Loading...
Loading...
Chapter 3 of 53 min read
القدر والاختيار الإنساني والمستويات الأربعة للقدر
A substantial portion of Shifa al-Alil is devoted to the detailed analysis of divine decree (qadar) and its relationship to human agency. This has been one of the central problems in Islamic theology from the earliest period: how can God be the ultimate determinant of all that occurs while human beings are genuinely responsible for their choices and actions?
Ibn al-Qayyim presents the Sunni Athari position on qadar through the framework of four levels or stages. The first level is divine knowledge (ilm): God has known everything that will occur from before the creation, with complete and perfect knowledge that encompasses all events and all agents. The second level is divine writing (kitabah): God wrote all that would occur in the Preserved Tablet (al-Lawh al-Mahfuz) before the creation. The third level is divine will (mashiyyah): everything that occurs is by God's will, and nothing occurs except by it. The fourth level is divine creation (khalq): God creates all things, including human actions, which are created realities just as all other realities are.

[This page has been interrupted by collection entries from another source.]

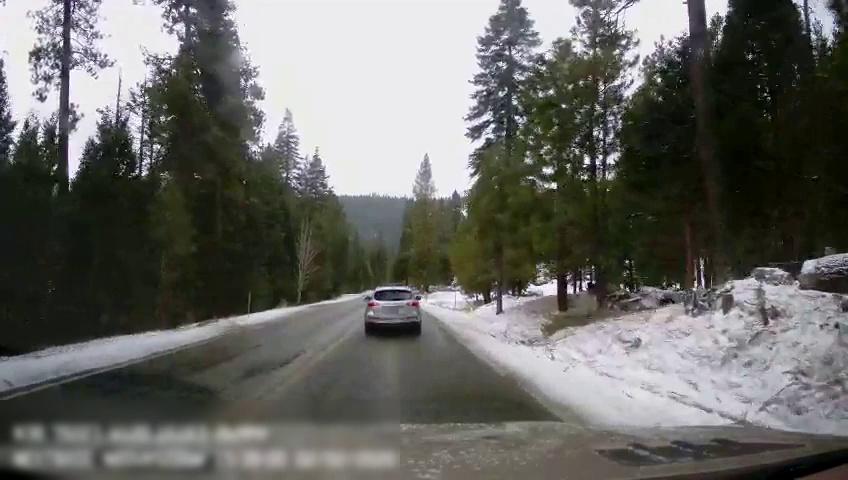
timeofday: Day
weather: Snowy
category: Drivable Space
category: Vehicles | Truck
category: Vehicles | SUV
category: Lanes | Current Lane
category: Lanes | Opposite Lane
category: Lanes | Current Lane
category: Lanes | Opposite Lane

The combination of these four levels appears to leave no room for human agency. If God knows, has written, wills, and creates all human actions, in what sense is the human agent genuinely doing anything? Ibn al-Qayyim's response draws on the concept of human acquisition (kasb) but develops it in a more robust direction than some kalam treatments. Human beings have genuine desires, intentions, and choices that are truly their own — not external impositions — even though God is the ultimate creator of all. The human will is real, the human choice is real, the responsibility is real; the divine creation of all of this, including the human will and choice, does not negate the reality of what is created.
He also addresses the question of why God decrees sin and evil if He disapproves of them. This is the hardest question in the theology of divine decree. Ibn al-Qayyim's answer involves the divine wisdom that is the book's central theme: God permits the existence of evil and sin as part of a larger tapestry of purposes that, taken as a whole, reflects wisdom and goodness. The existence of evil allows for the realization of goods — patience, repentance, divine mercy, the contrast that makes the recognition of good possible — that could not exist without it. This is not an attempt to make evil good but an argument that its permission is consistent with divine wisdom when viewed in its full context.
This section of Shifa al-Alil is among the richest in Islamic theological literature on the problem of evil and the theology of divine decree, combining careful doctrinal analysis with practical spiritual guidance.